Hasan membuang napas kasar.

“Kemarin bisa tuh nraktir perempuan itu, masa buat anak istri nggak ada sih?”

“Kamu kan tahu aku nganggur, nggak ada penghasilan, tabungan aku juga nipis, pakai uang kamu dulu aja lah, Bu.”

“Mas sendiri kan yang waktu itu bilang, katanya modal dua ratus ribu bisa dapat puluhan juta. Mana?”

Hasan menggaruk kepalanya yang tak gatal itu, lalu melangkah ke kamar tak menghiraukan ucapan istrinya.

Siti menggeleng, “Giliran susah ke istri, pas senang aja ke selingkuhan,” gumamnya seraya menuju pintu dan keluar rumah menghampiri tukang sayur yang berhenti tepat di depan gang rumahnya.

“Eh, Bu Siti, ke mana aja baru kelihatan,” ujar tukang sayur yang biasa dipanggil dengan Mang Ujang.

Siti mengangkat kedua alisnya, “Nggak ke mana-mana, ada kok di rumah, tapi belakangan emang saya ada kerjaan di luar kota.”

“Waah, Bu Siti sekarang wanita karir ya?” tanya perempuan berjilbab pink yang rumahnya di seberang rumah Siti.

“Mbak Nida bisa aja, ya gimana, suami kan nganggur, jadi mau nggak mau ya saya yang nyari penghasilan tambahan sambil nunggu suami dapat kerjaan lagi.”

“Tapi Bu Siti hebat loh, kerja masih baru udah bisa lunasin hutang sana sini, saya sampai kaget kemarin tiba-tiba Pak Hasan datang ke rumah nemuin suami saya katanya mau lunasin hutang. Pas banget anak saya memang lagi butuh biaya buat wisuda.” Kini wanita paruh baya bertubuh gempal menimpali.

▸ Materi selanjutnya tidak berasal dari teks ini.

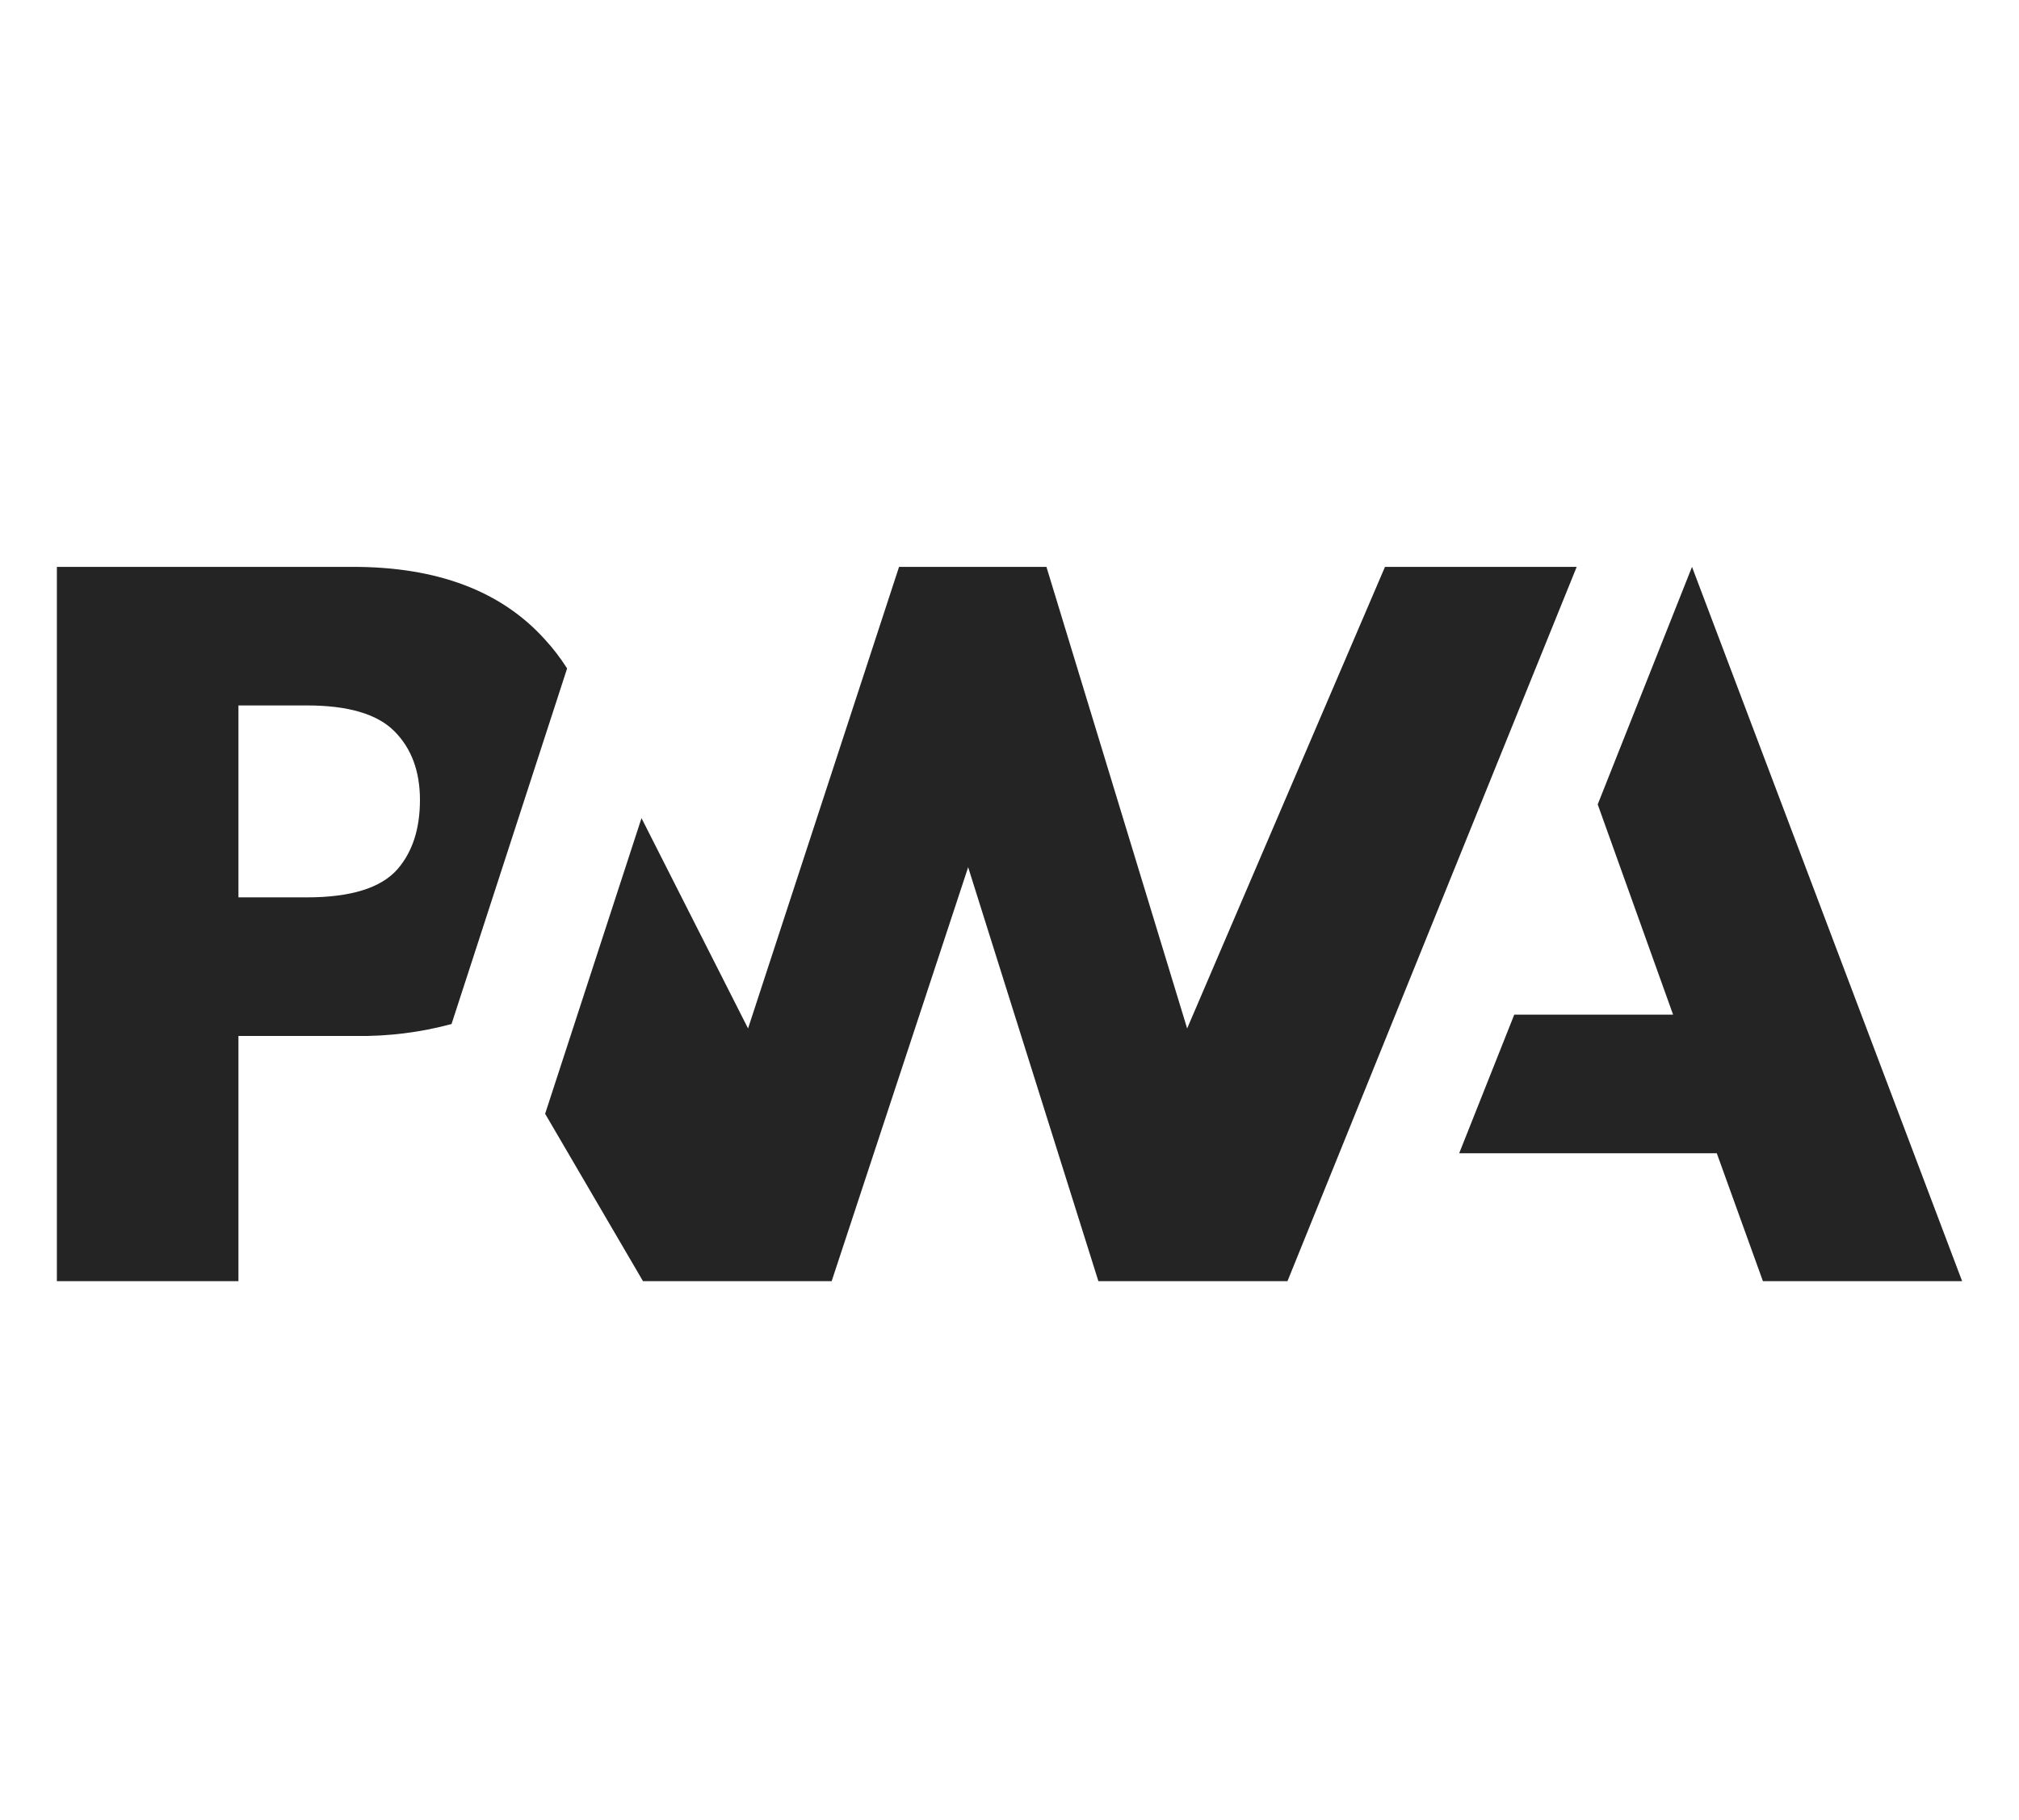 <svg width="71" height="64" viewBox="0 0 71 64" fill="none" xmlns="http://www.w3.org/2000/svg">
<path d="M45.275 45.062L55.446 19.938H48.704L41.747 36.173L36.799 19.938H31.616L26.306 36.173L22.559 28.776L19.17 39.174L22.612 45.062H29.246L34.046 30.502L38.626 45.062H45.275Z" fill="#242424"/>
<path d="M8.385 36.438H12.526C13.658 36.453 14.786 36.312 15.879 36.017L19.943 23.51C19.712 23.146 19.45 22.804 19.158 22.487C17.625 20.787 15.377 19.938 12.415 19.938H2V45.062H8.385V36.438ZM13.868 25.718C14.469 26.321 14.769 27.129 14.768 28.141C14.767 29.153 14.505 29.961 13.983 30.566C13.403 31.231 12.338 31.563 10.785 31.562H8.385V24.812H10.795C12.242 24.812 13.267 25.114 13.868 25.718ZM51.314 40.562L53.25 35.688H58.836L56.185 28.293L59.501 19.938L69 45.062H61.995L60.372 40.562H51.314Z" fill="#242424"/>
</svg>

“Iya, Bu. Alhamdulillah,” ujar Siti dengan senyum tipis.

“Waah berarti Bu Siti mau ngeborong nih dagangan saya, mau apa, Bu? Ayam, ikan?” tanya Mang Ujang bersemangat.

“Ikan aja, Mang. Yang masih seger, cabe bawang, tempe, sayur bayam, sama kangkung.”

“Oke siap!” Mang Ujang bergegas membungkus pesanan Siti.

Ketika mereka sedang asyik memilih sayuran, tiba-tiba seorang ibu-ibu datang sambil berlari tergesa-gesa.

“Kenapa Bu Endang? Ngos-ngosan gitu?” tanya Nida.

“Kalian sudah tahu belum? Bu Mitha yang rumahnya tingkat di pojokan itu.”

“Iya, kenapa?”

“Katanya semalam rumahnya kemasukan tuyul, uang di brangkas hilang semua, itu sekarang dia lagi nangis-nangis ditenangin sama suaminya, sama anak-anaknya juga.” Bu Endang menjelaskan sambil melirik ke arah Siti.